So, your successful FX trading strategy stops working, let’s not panic, let’s look for ways to fix things
You might recognise this scenario. Suddenly, your previously profitable forex trading strategy and method stop working; it’s no longer the great combination you discovered.
You did the right things. You tested your theories and ideas out in demo trading, and you developed an edge with positive expectancy. You then moved up to a live trading account, and you were cautious.
You didn’t commit your life savings to your first FX trading account, only a small percentage. Money that you didn’t want to lose but could afford to lose in pursuit of your objective to become a successful independent trader.

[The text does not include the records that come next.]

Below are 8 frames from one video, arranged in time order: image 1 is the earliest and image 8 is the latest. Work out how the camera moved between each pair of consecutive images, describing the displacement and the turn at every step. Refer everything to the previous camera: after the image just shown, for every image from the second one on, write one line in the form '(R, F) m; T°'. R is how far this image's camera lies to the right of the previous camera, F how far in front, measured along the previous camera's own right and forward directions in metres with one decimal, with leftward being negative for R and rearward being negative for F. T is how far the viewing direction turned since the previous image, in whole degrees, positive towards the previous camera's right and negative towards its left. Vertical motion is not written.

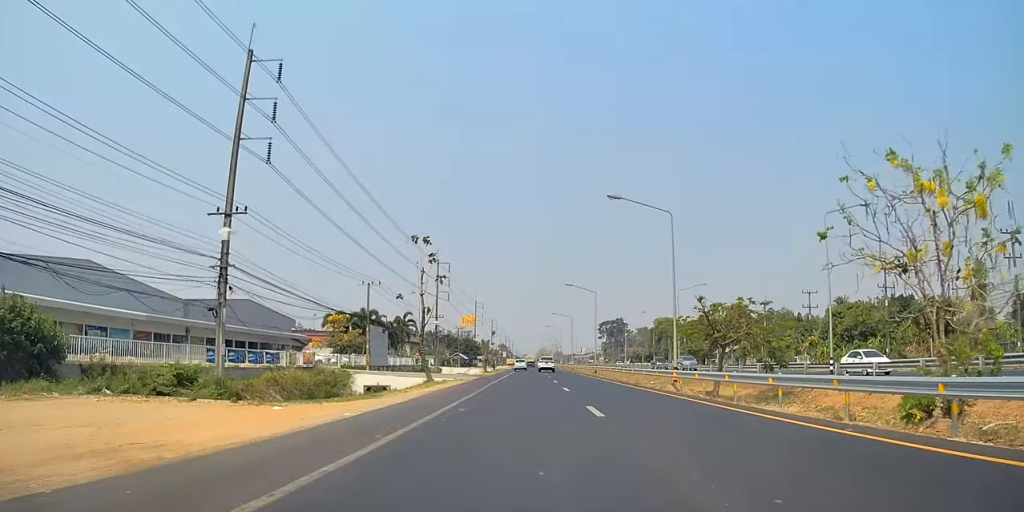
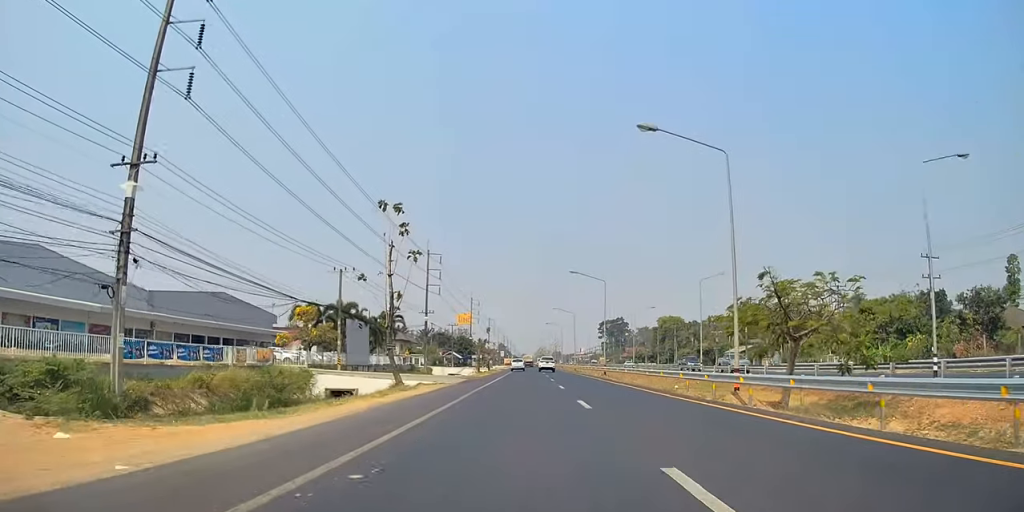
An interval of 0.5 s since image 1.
(0.0, +9.7) m; 0°
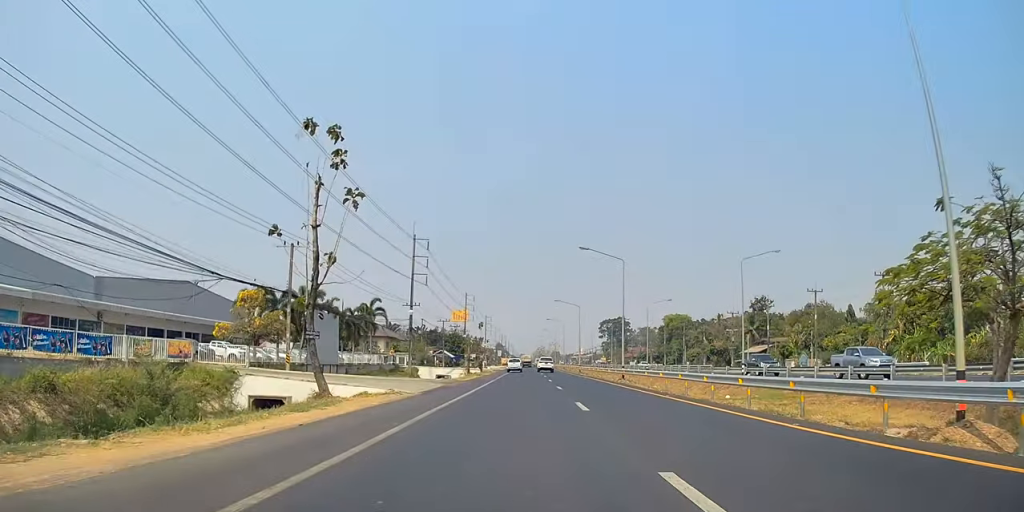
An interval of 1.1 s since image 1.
(-0.1, +11.9) m; 0°
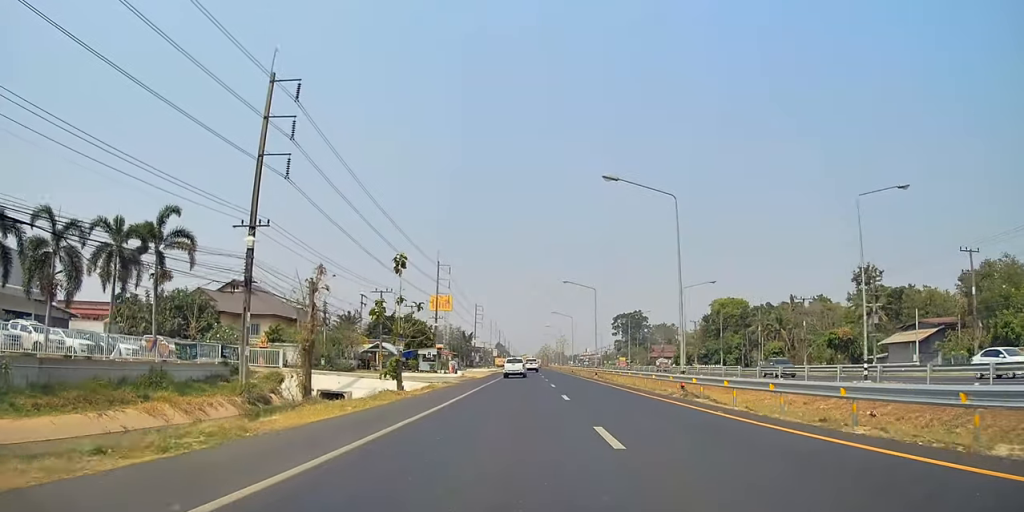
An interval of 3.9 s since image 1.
(-0.1, +56.3) m; +1°
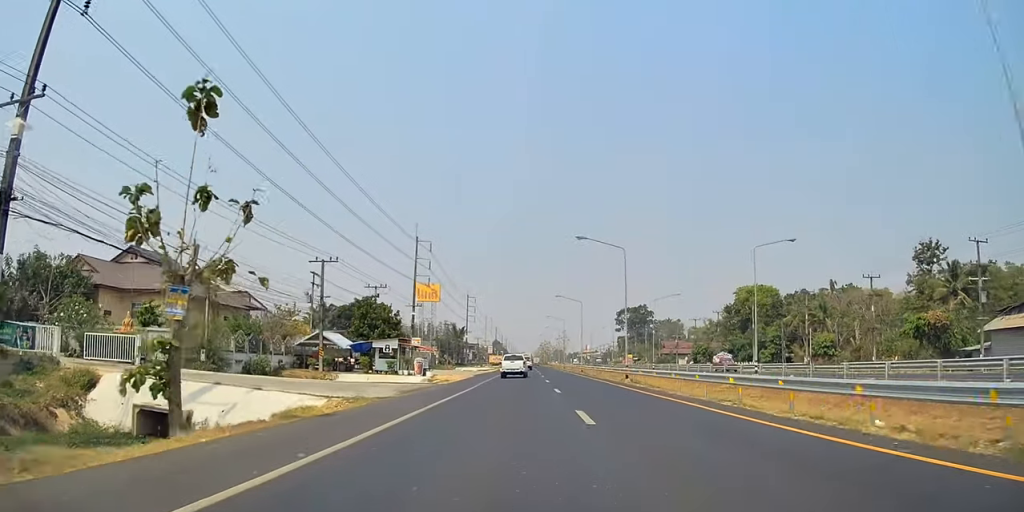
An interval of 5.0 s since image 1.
(+0.2, +21.0) m; 0°
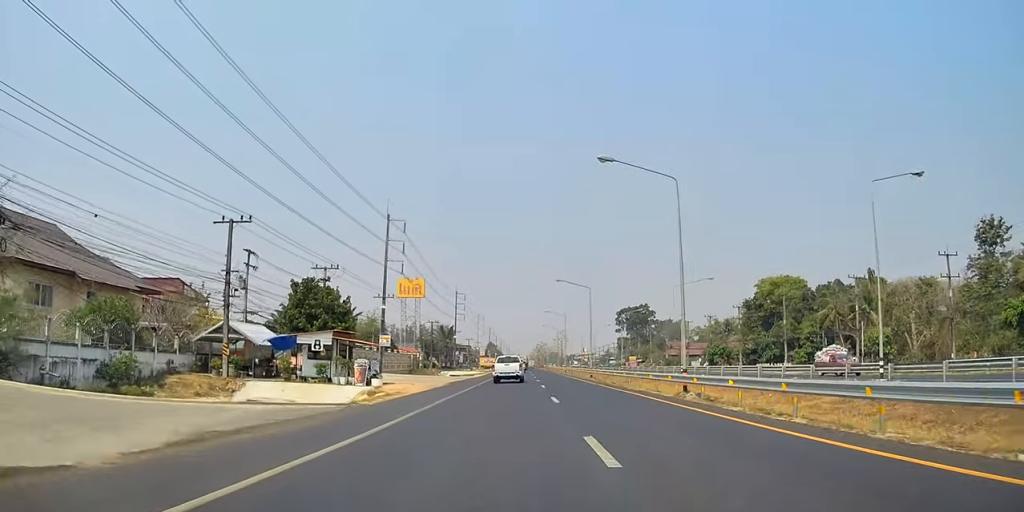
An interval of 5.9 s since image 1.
(-0.2, +17.6) m; 0°
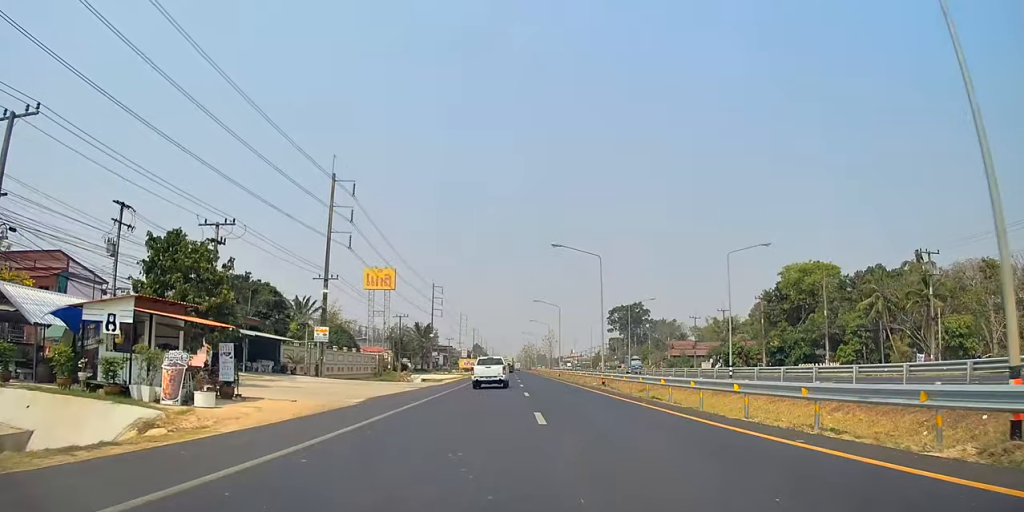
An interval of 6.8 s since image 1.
(+0.1, +18.8) m; +1°
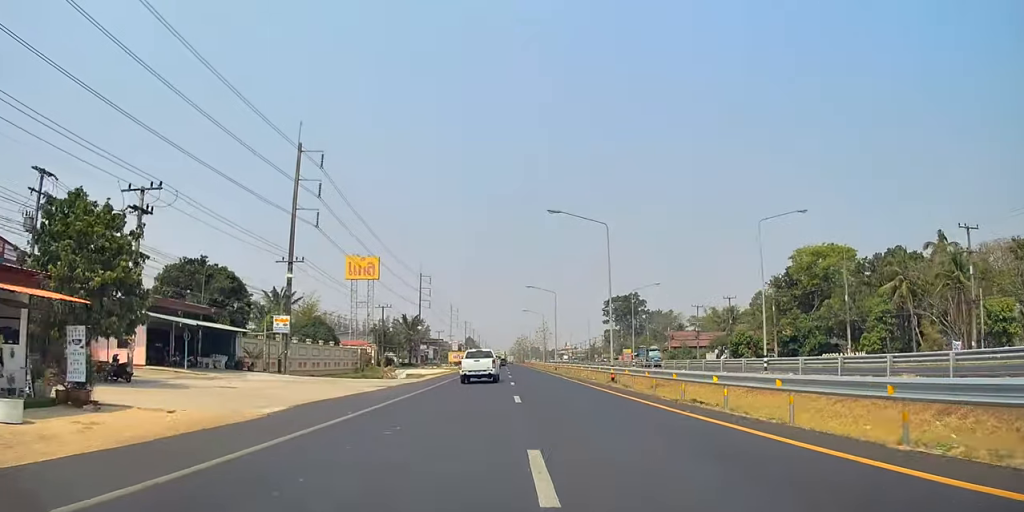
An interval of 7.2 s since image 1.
(0.0, +7.9) m; 0°

You then took your appreciation of risk a stage further by only risking a small portion of your live account’s funds on each trade. Yep, you were exercising tight money management skills.
In live trading conditions, the first few forex trades went well; overall, you were up. You remained neutral, neither complacent nor arrogant, and you parked the hubris. You avoided overtrading and only traded the major currency pairs.

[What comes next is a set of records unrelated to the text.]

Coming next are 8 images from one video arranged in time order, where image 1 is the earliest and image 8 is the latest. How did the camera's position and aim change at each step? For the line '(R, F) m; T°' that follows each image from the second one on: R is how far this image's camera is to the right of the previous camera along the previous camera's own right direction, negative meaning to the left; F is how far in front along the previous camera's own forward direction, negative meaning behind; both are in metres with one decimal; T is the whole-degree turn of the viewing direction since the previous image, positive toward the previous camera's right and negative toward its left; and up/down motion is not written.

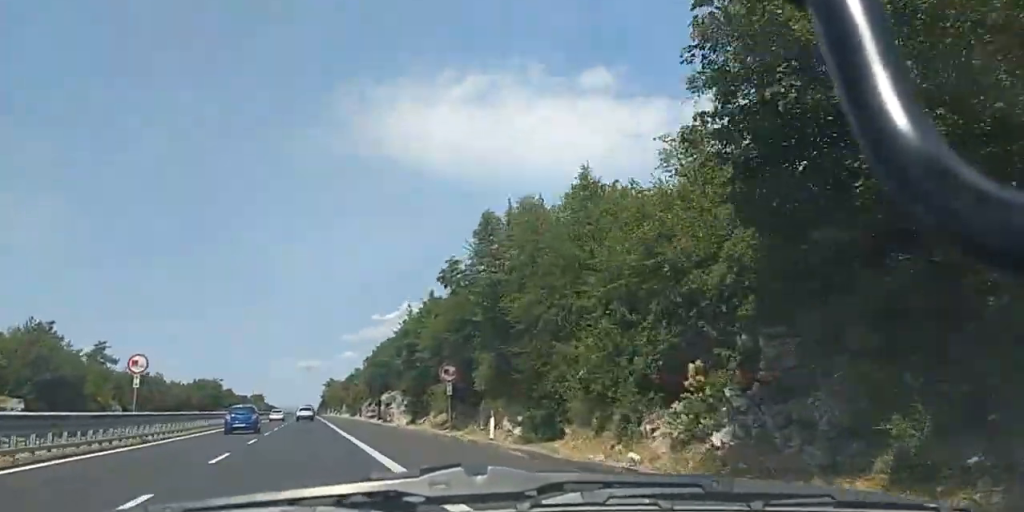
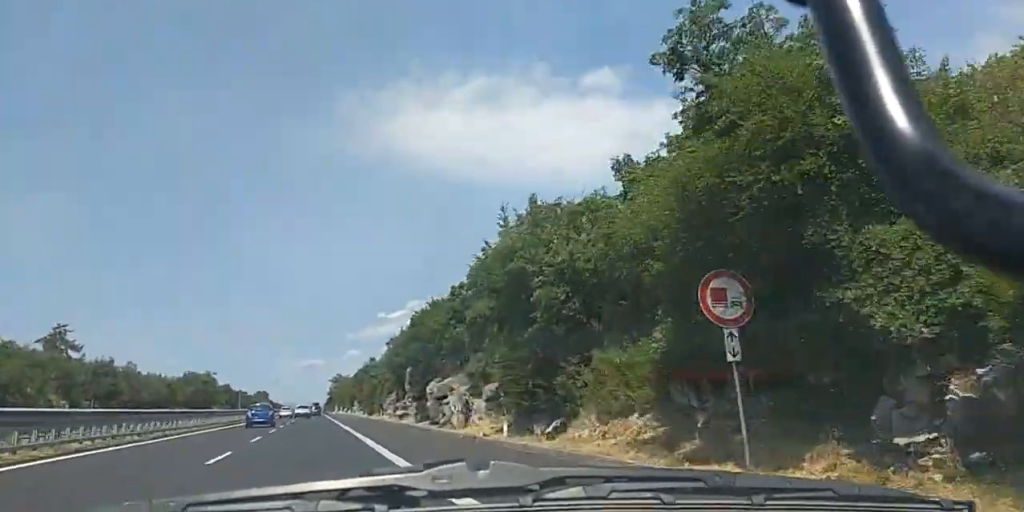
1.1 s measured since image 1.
(-0.2, +25.4) m; -1°
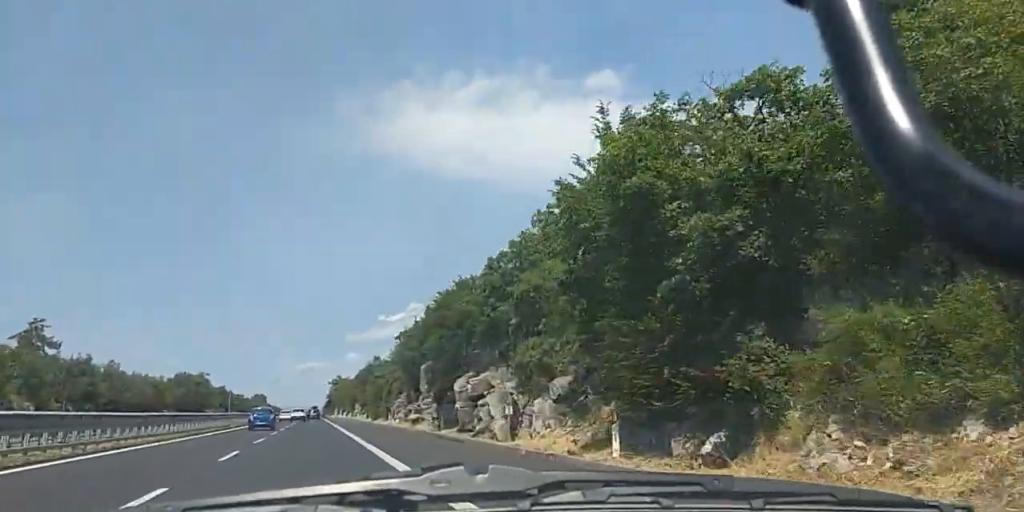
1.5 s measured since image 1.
(-0.1, +9.6) m; 0°
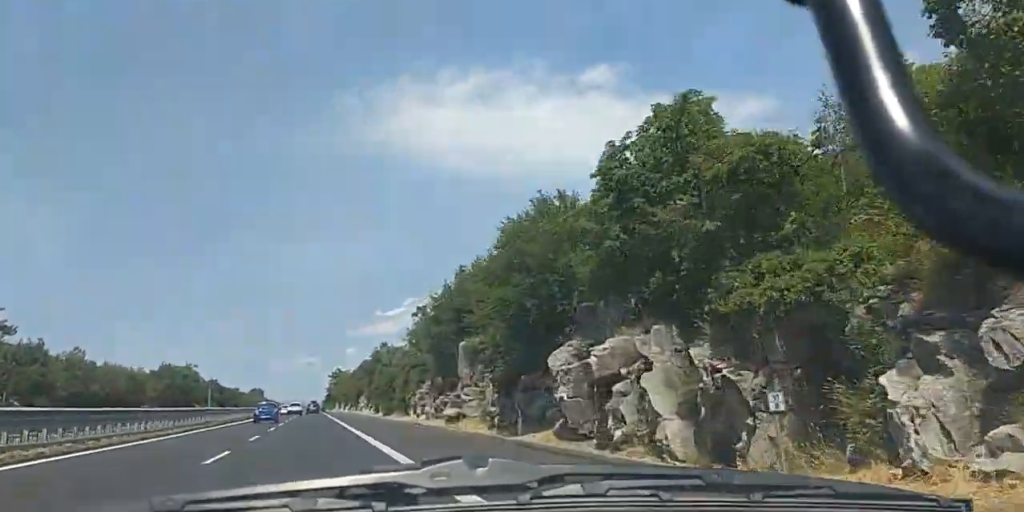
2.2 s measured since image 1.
(-0.2, +15.3) m; +1°
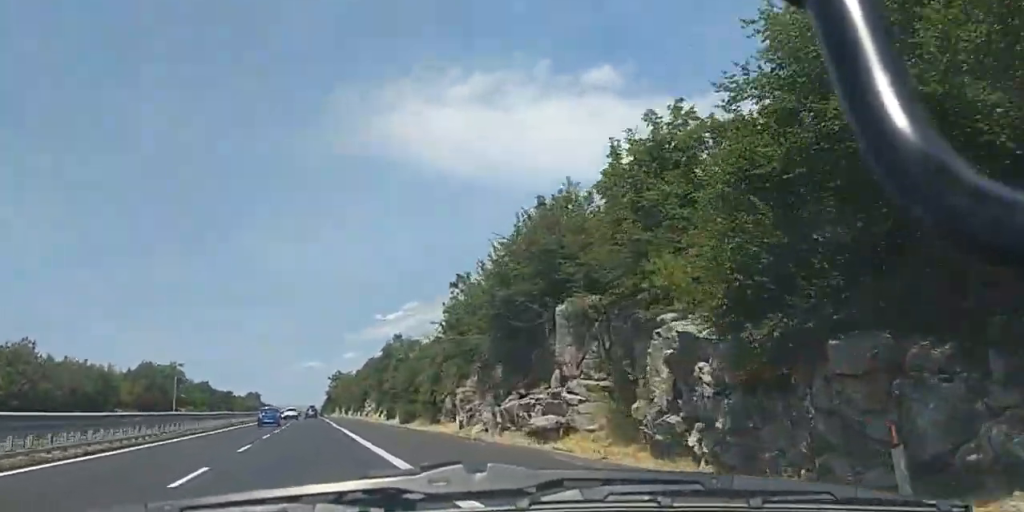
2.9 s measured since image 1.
(+0.4, +16.3) m; 0°
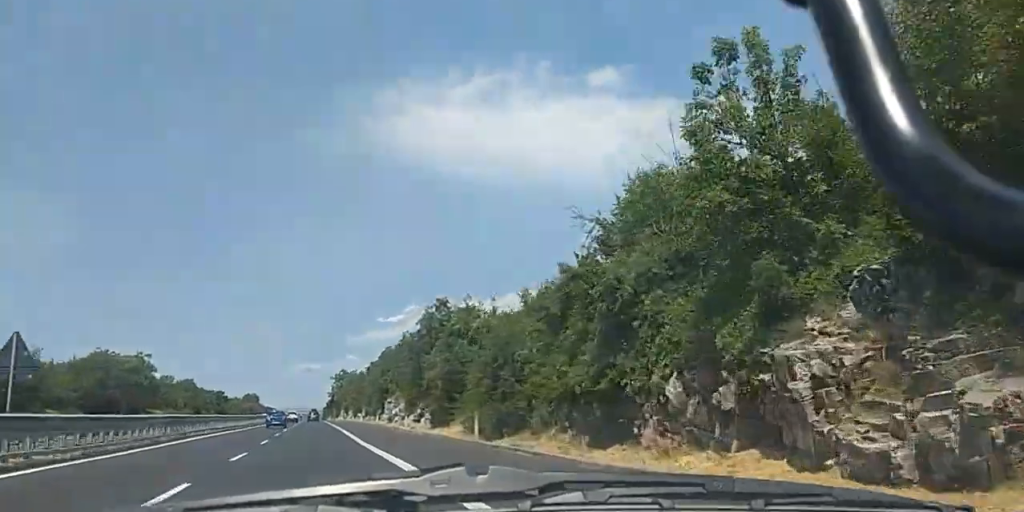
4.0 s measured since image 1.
(-0.2, +27.1) m; 0°
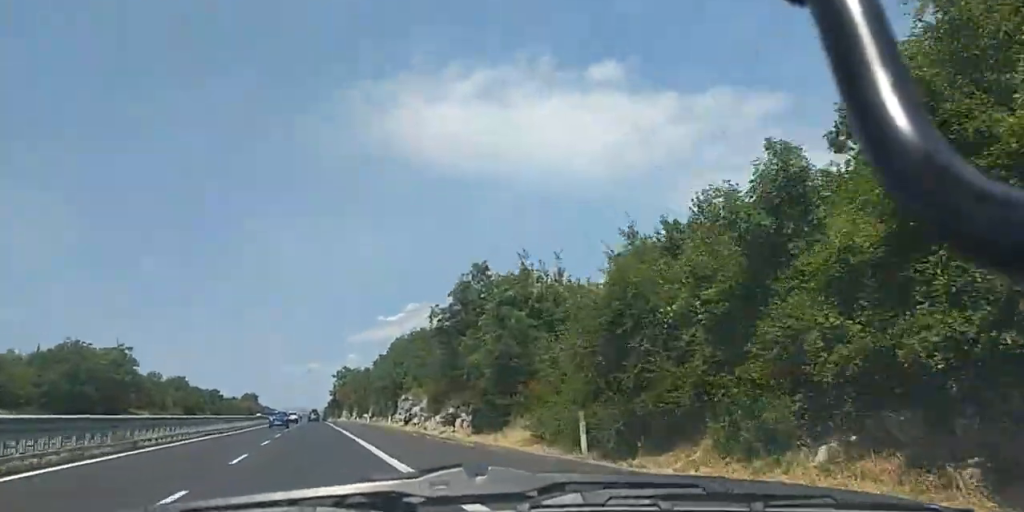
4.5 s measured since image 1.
(-0.1, +12.5) m; 0°
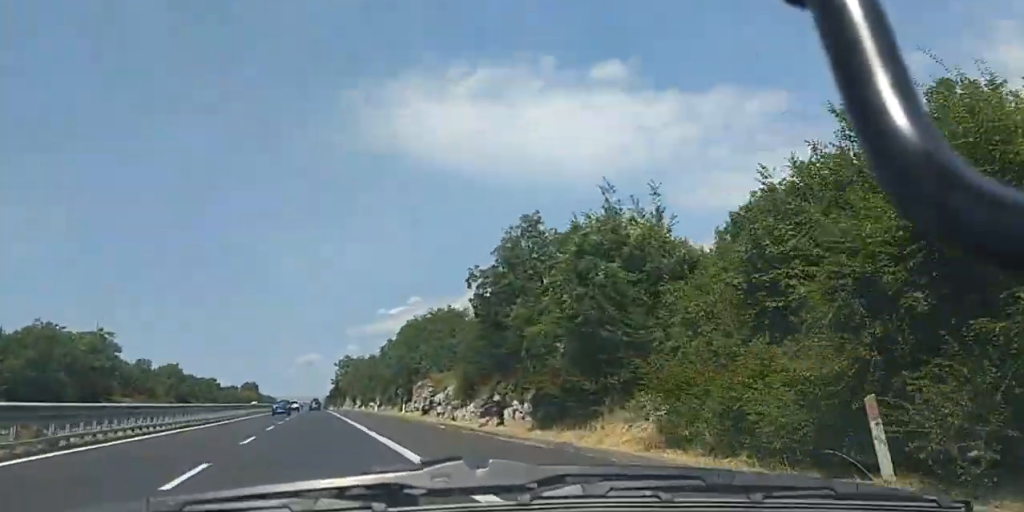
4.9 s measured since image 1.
(+0.1, +10.0) m; 0°

The winning rate was roughly 7:3; you experienced seven winners for every three losers. Not all winners were to the max of your take profit limit orders. Likewise, every loser didn’t get stopped out, some expired. Oh, and some bets were close on break even. But all things considered you were riding a 7:3 winning streak.
Then it all turned sour, your winning run suddenly stopped. The rate reversed, now you were chipping in with 3:7 loss figures. You still considered yourself somewhere between novice and intermediate in terms of experience, this reversal of fortune was new to you, and you were puzzled as to what to do next.
OK, firstly, you need to congratulate yourself on a few things. You’ve developed a winning method/strategy, including an edge. You demo traded it before moving on to trading live with real funds. And you’ve become aware of the risk and how it impacts your trading outcomes and ultimate profitability.
Secondly, you haven’t panicked when the strategy went rogue, and you’re looking for solutions before abandoning ship and starting over. These are good signs that you can quickly remedy the situation.
However, let’s consider what you’re experiencing isn’t a system and forex trading strategy failure; you could be subject to typical market behaviour. Perhaps you need to ride out the storm to find calmer waters.
Is there a process we can put in place to test if our strategy is bust, rather than us just hitting a rough patch? The short answer is yes, and here’s what we’d suggest as a quick checklist to reappraise your method/strategy before you rip it up and start again. You can add more qualifications to the list while applying some deep thought to the problem but start with these questions as it’ll spike your curiosity as a technician.
- How many trades have you taken with your strategy?
- Is it your style, method or strategy?
- Have you made any subtle alterations?
- Has a primary macroeconomic policy occurred?
- Has a central bank or government enacted stimulus?
Most part-time retail traders are swing traders. It fits in with your lifestyle and day job. You might only trade two securities, let’s say EUR/USD and USD/CHF. You might only get the signal to swing a couple of times a month with each if you’re trading off a 4hr or daily timeframe.
You need to establish if you’re using enough data to verify if the system has gone wrong or are you just in a period of consolidation. If your strategy has worked well for three months, you might have taken less than twenty trades, is that enough to make a valid judgment after you’ve back tested the theory using several years of data?
Your style and or method might not be compatible with your strategy. You need to double-check that you’re not using a system which is suited best for day trading if you are a swing trader and vice-versa. You can’t force your views onto the marketplace.
If you’ve made any subtle alterations or tweaks, this can have a devastating effect on your outcomes. The most common mistakes are refining your system by altering the settings on technical indicators, or not sticking precisely to the strategy.
Let’s say you use a straightforward MACD crossover as a signal on a 4hr chart as a swing trader. You got cute by altering the standard settings or started to enter too early or exit too late. Has this distorted the distribution of winners, losers and your profits?
Your technical analysis skills might be top drawer, but are you ignoring your economic calendar and fundamental analysis? Imagine having good results when you take long EUR/USD trades. But the US Fed announces a rise in the US economy’s key interest rate. The bias is now probably short for the currency pair. This policy change can have a massive impact on your results.
The rise in the interest rate is a form of central bank monetary stimulus, and other stimuli might include quantitative easing (QE) or asset/bond buying by a central bank. A government might engage in fiscal stimulus through tax breaks, infrastructure spending or welfare payments. All factors that could alter the bias of a currency versus its peers. Before you consider altering your method or abandoning your strategy, ask yourself the above questions and others that might come to mind, you’ve come this far by using good judgement, patience and forensic skills. Don’t abandon that process at the first sign of a problem which might be easy to fix.